Today I needed to parse some data out from an xlsx file (Office open XML Spreadsheet). I could have just opened the files in openoffice and exported to csv. However I will need to reimport data from this spreadsheet later, and I wanted to eliminate the manual operation.
I searched on the net for xlsx parser, and all I found was a stackoverflow question asking the same thing: http://stackoverflow.com/questions/173246/parsing-and-generating-microsoft-office-2007-files-docx-xlsx-pptx
So I rolled my own.
It's 134 lines of code for the parsing and accessing off a spreadsheet, and 54 lines of code of unit tests. This of course is only tested on the 1 file I needed it, and aside from how it's used in the unit tests there are is no documentation as off now. It uses zipfile, minidom, re and unittest, so perfectly portable and platform independent.

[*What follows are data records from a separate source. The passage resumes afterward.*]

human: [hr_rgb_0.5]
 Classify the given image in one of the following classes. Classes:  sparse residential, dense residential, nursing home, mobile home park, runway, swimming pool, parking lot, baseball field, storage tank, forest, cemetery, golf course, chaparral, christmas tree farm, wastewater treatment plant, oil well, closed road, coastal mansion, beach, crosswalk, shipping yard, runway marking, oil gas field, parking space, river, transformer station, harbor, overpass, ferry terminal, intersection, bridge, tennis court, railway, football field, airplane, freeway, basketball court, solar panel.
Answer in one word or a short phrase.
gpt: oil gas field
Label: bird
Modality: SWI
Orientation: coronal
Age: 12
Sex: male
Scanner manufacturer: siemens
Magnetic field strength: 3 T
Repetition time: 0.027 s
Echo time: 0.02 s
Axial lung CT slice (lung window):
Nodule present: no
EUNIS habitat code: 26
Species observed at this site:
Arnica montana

Since I don't blog, and I don't have any desire to turn this into a python library for OfficeOpen XML, I am stuck wondering where I should post this code. I have solved a problem that I am sure others will get in the future. So I want to post my code under public domain somewhere for anyone to copy and paste into their app and adjust to fix their problem.
The implementation is simple, and here is a quick overview off the features:
workbook = Workbook(filename) # open a file
for sheet in workbook: pass # iterate over the worksheets
workbook["sheetname"] # access a sheet by name, also possible to do by index from 0
sheet["A1"] # Access cell
sheet["A"] # Access column
sheet["1"] # Access row
cell.value # Cell value - only tested with ints and strings.

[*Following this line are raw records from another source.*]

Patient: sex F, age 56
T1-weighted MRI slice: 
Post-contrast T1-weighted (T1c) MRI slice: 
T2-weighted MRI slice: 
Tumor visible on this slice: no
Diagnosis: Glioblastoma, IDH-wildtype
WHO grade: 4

Thanks for all the replies. I was going to hoste it on activestate, but the page kept crashing when sending me the activation mail. So I can't activate my code to post it.
My second choice was codeproject, and I wrote up a nice article about the file. Sadly that page crashes when I try to submit my post.

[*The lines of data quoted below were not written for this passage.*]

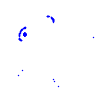
Particle: proton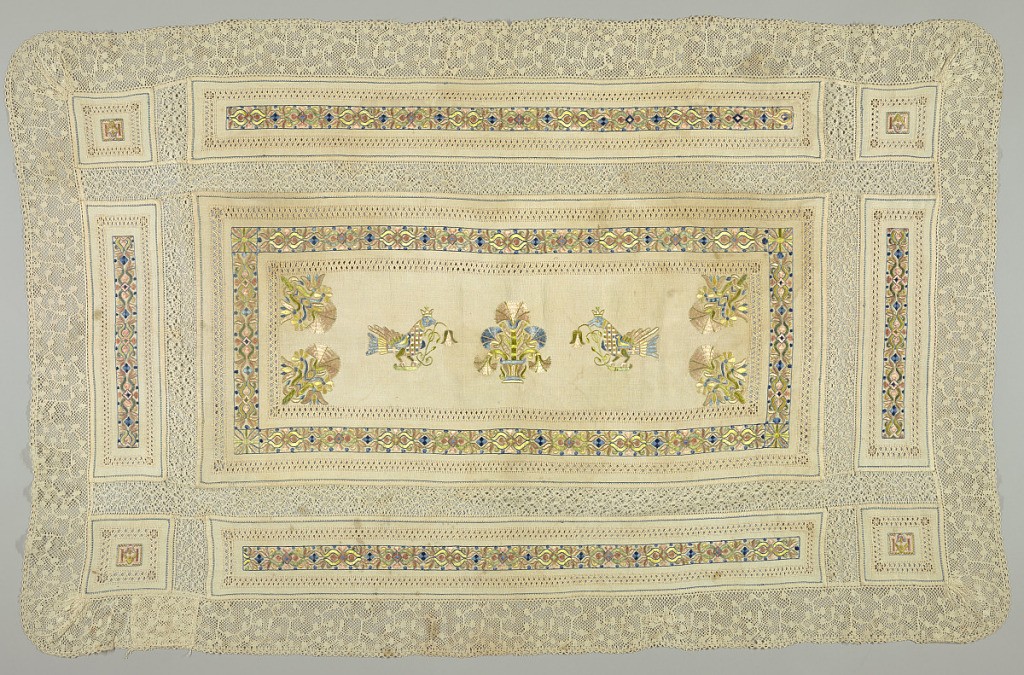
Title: Cover
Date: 19th century
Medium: linen, silk Technique: embroidered on plain weave
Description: Central panel has embroidery in design of crowned birds on either side of a basket of flowers. Carnation ornaments in corners with borders of stylized flowers and drawn work.

So I put it on github for any to see and branch off: http://github.com/staale/python-xlsx/tree/master
I don't want to do all the work for the python project hosting, so that's out.
Accepting the git answer, as that was the only thing that worked for me. And git rocks.
Edit: Gah, lost my entire post at codeproject, and I did such a nice writeup. Screw it, I have spent more time trying to share this than it took coding it. So I am calling it done for my part as off now. Unless I decide to tweak it more later.